(The input begins)

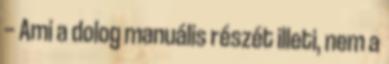
— Ami a dolog manuális részét illeti, nem a
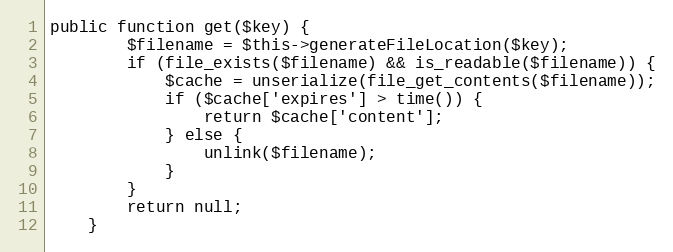
Language: PHP
public function get($key) {
        $filename = $this->generateFileLocation($key);
        if (file_exists($filename) && is_readable($filename)) {
            $cache = unserialize(file_get_contents($filename));
            if ($cache['expires'] > time()) {
                return $cache['content'];
            } else {
                unlink($filename);
            }
        }
        return null;
    }
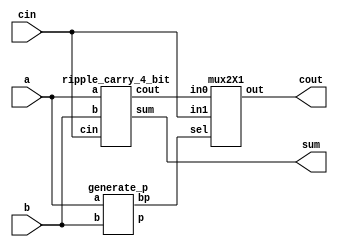
`timescale 1ns / 1ps



module carry_skip_adder(a, b, cin, sum, cout);
input [3:0] a,b;
input cin;
output [3:0] sum;
output cout;
wire [3:0] p;
wire c0;
wire bp;

ripple_carry_4_bit rca1 (.a(a[3:0]), .b(b[3:0]), .cin(cin), .sum(sum[3:0]), .cout(c0));
generate_p p1(a,b,p,bp);
mux2X1 m0(.in0(c0),.in1(cin),.sel(bp),.out(cout));

endmodule

module generate_p(a,b,p,bp);
input [3:0] a,b;
output [3:0] p;
output bp;
assign p= a^b;//get all propagate bits
assign bp= &p;// and p0p1p2p3 bits
endmodule

module ripple_carry_4_bit(a,b,cin,sum,cout);
input [3:0] a,b;
input cin;
wire c1,c2,c3;
output [3:0] sum;
output cout;

full_adder fa0(.a(a[0]), .b(b[0]),.cin(cin), .sum(sum[0]),.cout(c1));
full_adder fa1(.a(a[1]), .b(b[1]), .cin(c1), .sum(sum[1]),.cout(c2));
full_adder fa2(.a(a[2]), .b(b[2]), .cin(c2), .sum(sum[2]),.cout(c3));
full_adder fa3(.a(a[3]), .b(b[3]), .cin(c3), .sum(sum[3]),.cout(cout));
endmodule

module full_adder(a,b,cin,sum,cout);
output sum,cout;
input a,b,cin;
assign sum= (a^b)^cin;
assign cout = (cin&(a^b))|(a&b);
endmodule


module mux2X1( in0,in1,sel,out);
input in0,in1;
input sel;
output out;
assign out=(sel)?in1:in0;
endmodule
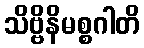
သိဗ္ဗိနိမစ္စဂါတိ
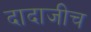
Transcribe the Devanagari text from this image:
दादाजीच
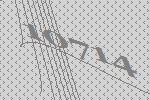
10714

(The input ends)

--- What is expected ---
Set down precisely the lines above between the line holding "assign bp= &p;// and p0p1p2p3 bits" and the line holding "fa2(.a(a[2]), .b(b[2]), .cin(c2), .sum(sum[2]),.cout(c3));", inclusive, and nothing beyond them.

--- Expected answer ---
assign bp= &p;// and p0p1p2p3 bits
endmodule

module ripple_carry_4_bit(a,b,cin,sum,cout);
input [3:0] a,b;
input cin;
wire c1,c2,c3;
output [3:0] sum;
output cout;

full_adder fa0(.a(a[0]), .b(b[0]),.cin(cin), .sum(sum[0]),.cout(c1));
full_adder fa1(.a(a[1]), .b(b[1]), .cin(c1), .sum(sum[1]),.cout(c2));
full_adder fa2(.a(a[2]), .b(b[2]), .cin(c2), .sum(sum[2]),.cout(c3));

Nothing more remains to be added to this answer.